OJS import plugin for LaTeX

kmccurley · September 18, 2023, 10:08pm

About a year ago I looked at using OJS for our new journal, but I quickly gave up for several reasons that are not relevant to discuss here. Our society currently has two journals that “sort of” run on OJS. They don’t use the reviewing part, and they don’t use the editing process. They only use it for hosting. As a result, they have to do a lot of manual work to import the papers into OJS, and the process often involves errors along the way.

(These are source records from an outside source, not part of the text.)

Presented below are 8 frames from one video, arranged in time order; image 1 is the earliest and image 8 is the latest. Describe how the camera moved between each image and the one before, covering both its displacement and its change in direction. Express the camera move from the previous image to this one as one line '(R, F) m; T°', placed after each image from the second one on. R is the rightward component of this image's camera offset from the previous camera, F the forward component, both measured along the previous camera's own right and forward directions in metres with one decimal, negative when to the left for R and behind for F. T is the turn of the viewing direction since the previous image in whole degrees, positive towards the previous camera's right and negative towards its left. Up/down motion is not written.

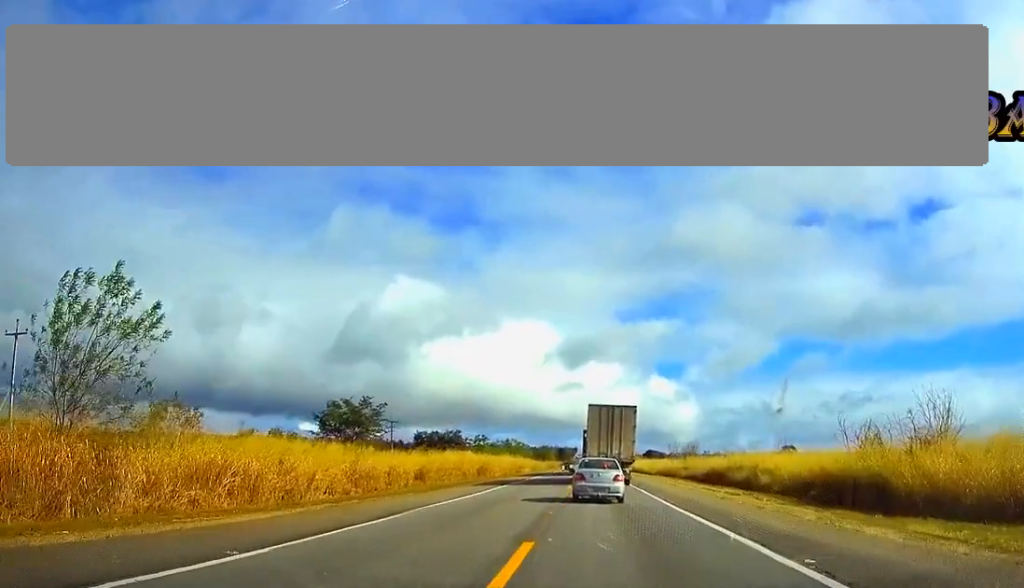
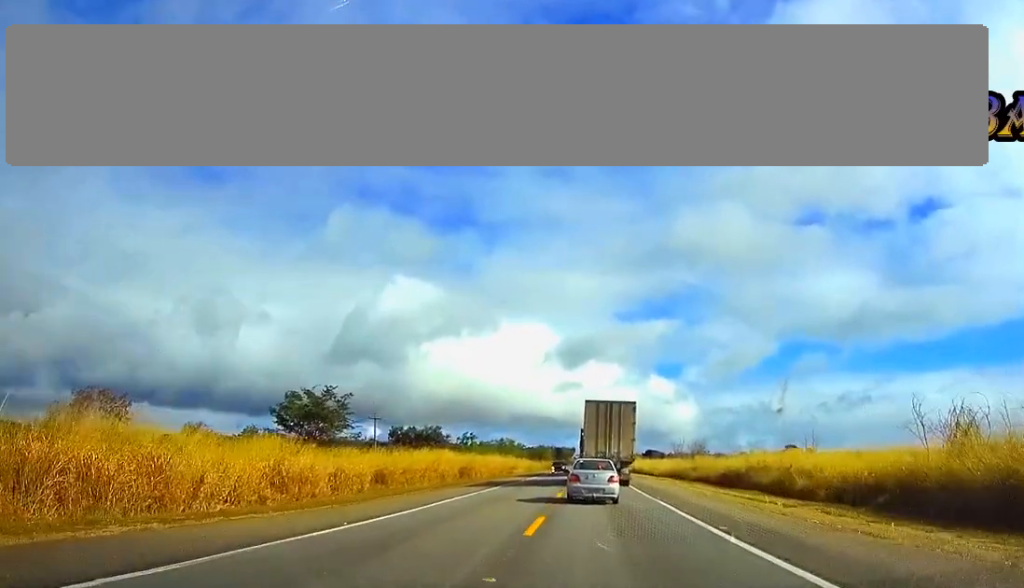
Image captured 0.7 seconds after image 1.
(0.0, +11.1) m; 0°
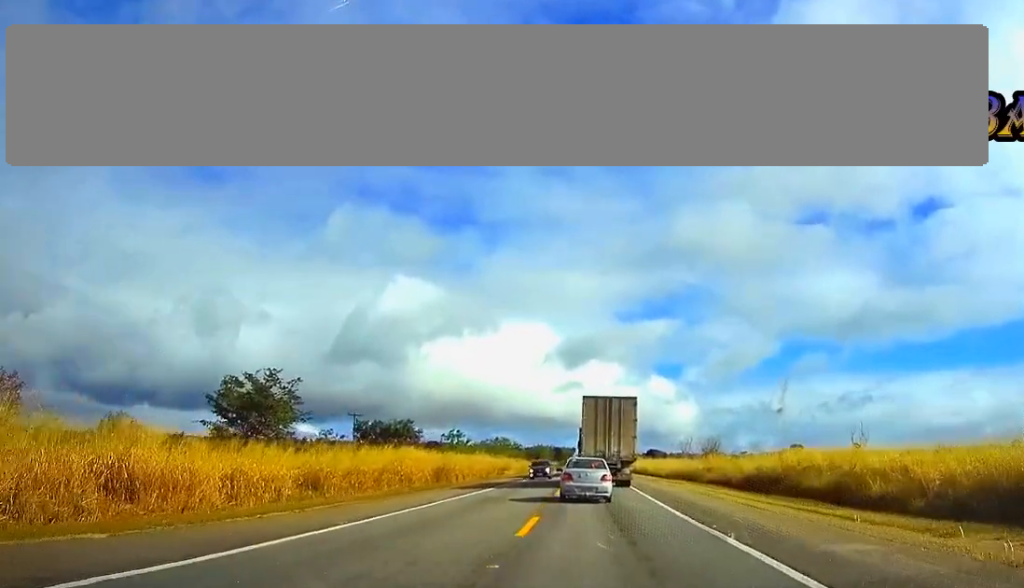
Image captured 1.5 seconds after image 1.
(-0.1, +13.0) m; 0°
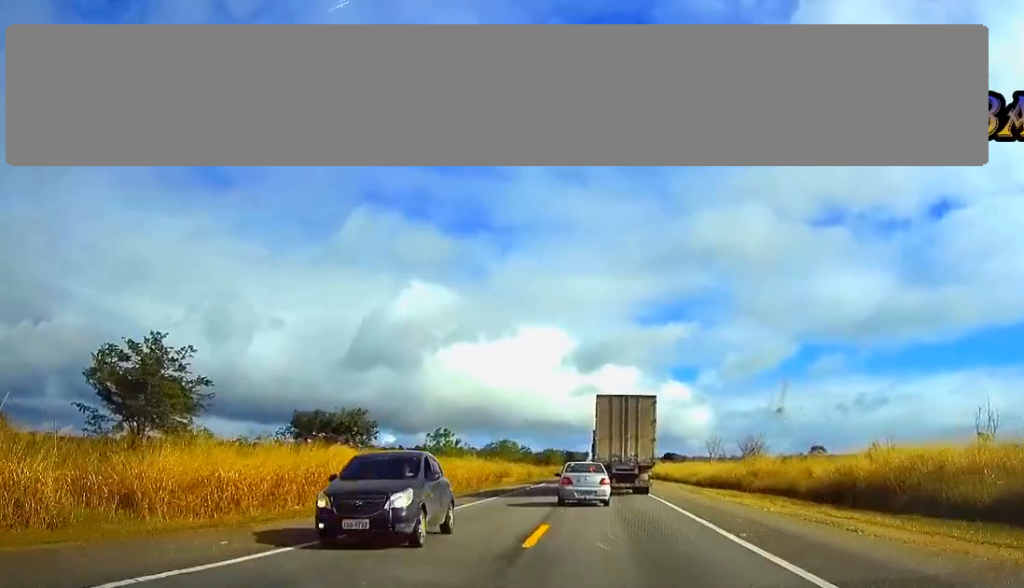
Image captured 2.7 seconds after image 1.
(-0.1, +18.4) m; 0°
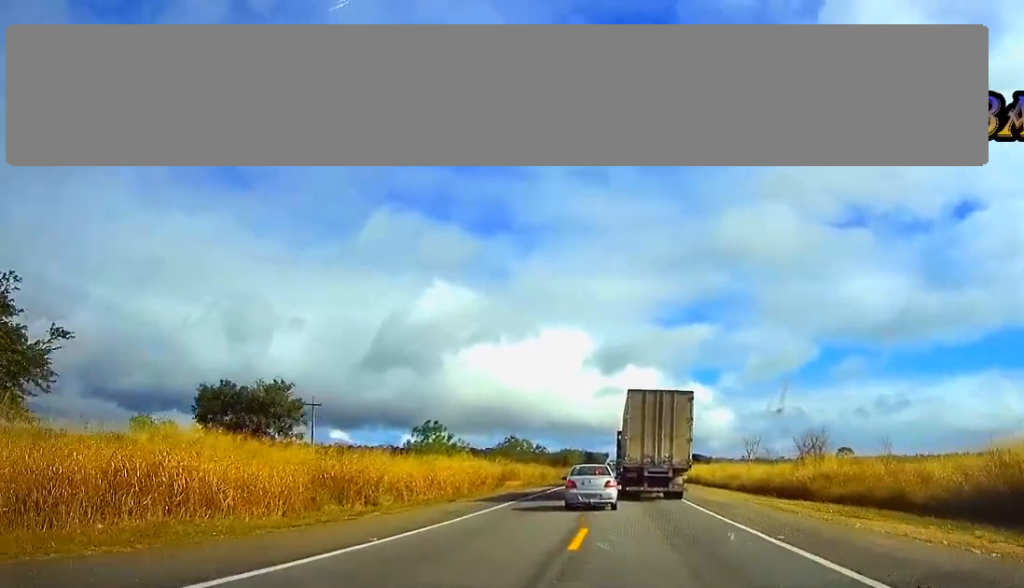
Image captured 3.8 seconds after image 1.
(0.0, +16.5) m; 0°
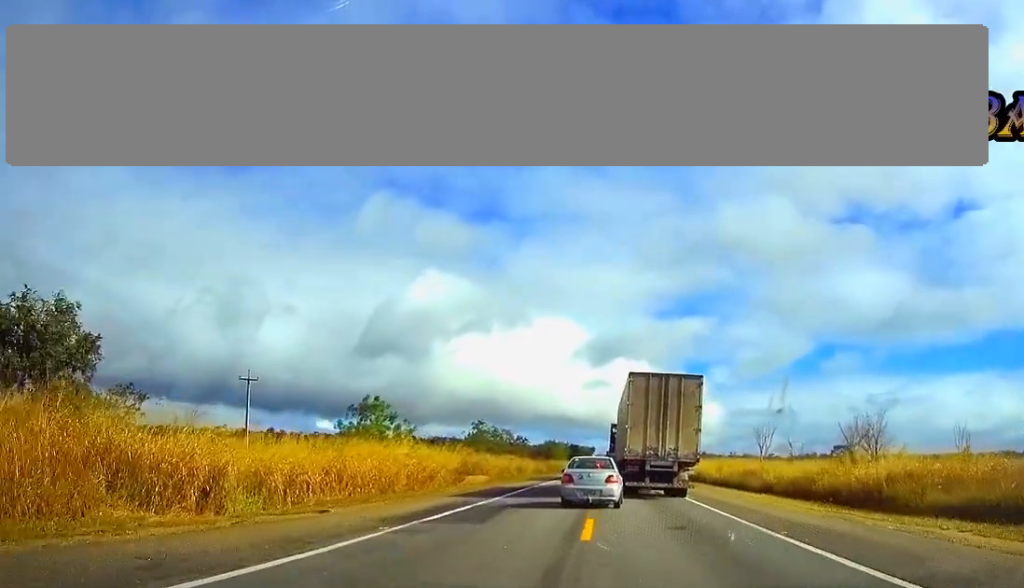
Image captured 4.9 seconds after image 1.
(0.0, +16.4) m; 0°
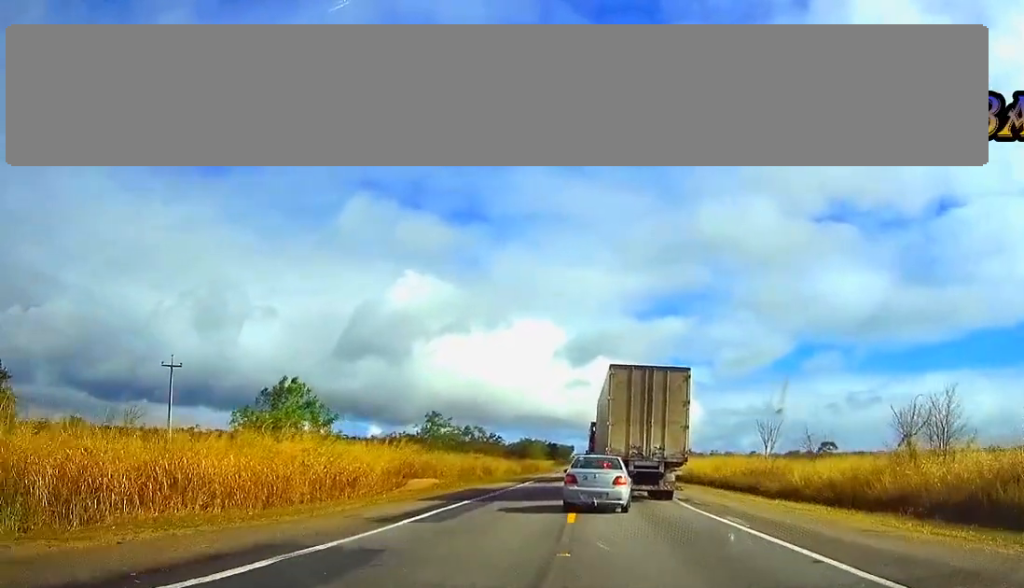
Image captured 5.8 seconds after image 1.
(0.0, +13.2) m; 0°
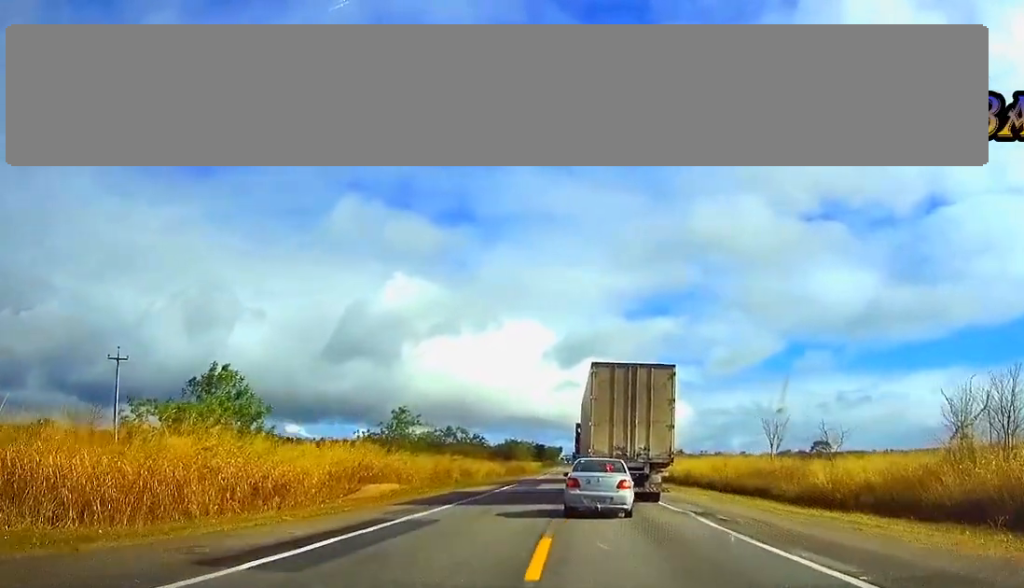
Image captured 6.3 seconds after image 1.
(0.0, +8.0) m; 0°

After I gave up on OJS, I started building a system to compile LaTeX in the cloud and extract metadata from it during the compilation process. A paper on this appears on arXiv and the Tex User’s Group journal in 2023. The system is nearing completion, and produces PDF/A along with crossref XML to register for a DOI (including the bibliographic references, multiple affiliations, ROR IDs, funding information, etc). It also has a copyedit workflow built into it, but that is optional. I’m now considering whether to write an OJS import plugin. The way I imagine it happening is that authors would be directed from OJS to the external system to upload their final versions, and then OJS would import the PDF/A and metadata once it is completed. The journal could choose between which copy editing workflow to use, so that the paper is either imported before or after copy editing. There are advantages to using the external copy editing platform, because it recognizes many problems that arise during the LaTeX compilation phase (e.g., missing DOIs on references, missing metadata, widows, orphans, etc).

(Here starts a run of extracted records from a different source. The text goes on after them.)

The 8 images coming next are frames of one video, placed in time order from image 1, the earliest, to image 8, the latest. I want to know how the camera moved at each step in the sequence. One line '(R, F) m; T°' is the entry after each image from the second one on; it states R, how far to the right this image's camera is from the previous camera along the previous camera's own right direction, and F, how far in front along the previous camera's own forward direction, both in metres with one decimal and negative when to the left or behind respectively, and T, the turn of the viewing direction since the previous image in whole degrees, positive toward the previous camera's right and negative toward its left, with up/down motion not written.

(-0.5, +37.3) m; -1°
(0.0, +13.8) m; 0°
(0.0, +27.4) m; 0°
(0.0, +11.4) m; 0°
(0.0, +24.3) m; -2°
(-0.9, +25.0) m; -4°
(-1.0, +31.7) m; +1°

I assume this would be useful for journals in computer science, mathematics, and physics (possibly others like economics). I know it would be useful for our journals. There are two questions however:

are there any successful examples of an import plugin? When I looked in the past, the only import plugin was barely functional and kept breaking when new versions of OJS rolled out. The sample plugin is an export plugin, and it’s not clear what schema is stable for imports. The external system is written in python, but I can also write PHP. It would use a REST API to the external system.
is there sufficient demand for direct OJS support for LaTeX?

tabber · September 19, 2023, 7:15am

We are very much interested in this feature!

marc · September 19, 2023, 8:10am

Hi @kmccurley , we are trying to make all first “Feature Request” posts follow the same structure to facilitate the understanding of the petitions and at same time, will ensure no relevant info is missing.

Do you mind to reEdit your fist post following this template:

Describe the problem you would like to solve
Example: Our editors need a way to […]

Describe the solution you’d like
Tell us how you would like this problem to be solved.

Who is asking for this feature?
Tell us what kind of users are requesting this feature. Example: Journal Editors, Journal Administrators, Technical Support, Authors, Reviewers, etc.

Additional information
Add any other information or screenshots about the feature request here.

You can use this post as a reference.

Please don’t answer: As soon as you make the changes, we will remove this post to avoid adding noise to your FR thread.

Thanks for your help.

marc · September 19, 2023, 8:11am

@Dulip_Withanage and @ronste1 aren’t you both working on projects that are helping with this?

Dulip_Withanage · September 19, 2023, 10:14am

Yes, I have a latex plugin for 3.3

I am on holidays currently and I can answer further questions or give any help after holidays

kmccurley · September 19, 2023, 2:58pm

The problem is bigger than just running LaTeX - ours is designed to extract metadata without any errors during the compilation. LaTeX plugins suffers from a serious security issue as well: it is unsafe to accept LaTeX sources from authors and run them outside a sandbox. See arXiv:2102.00856. Still, this plugin should be a good basis for me to start from. Thanks!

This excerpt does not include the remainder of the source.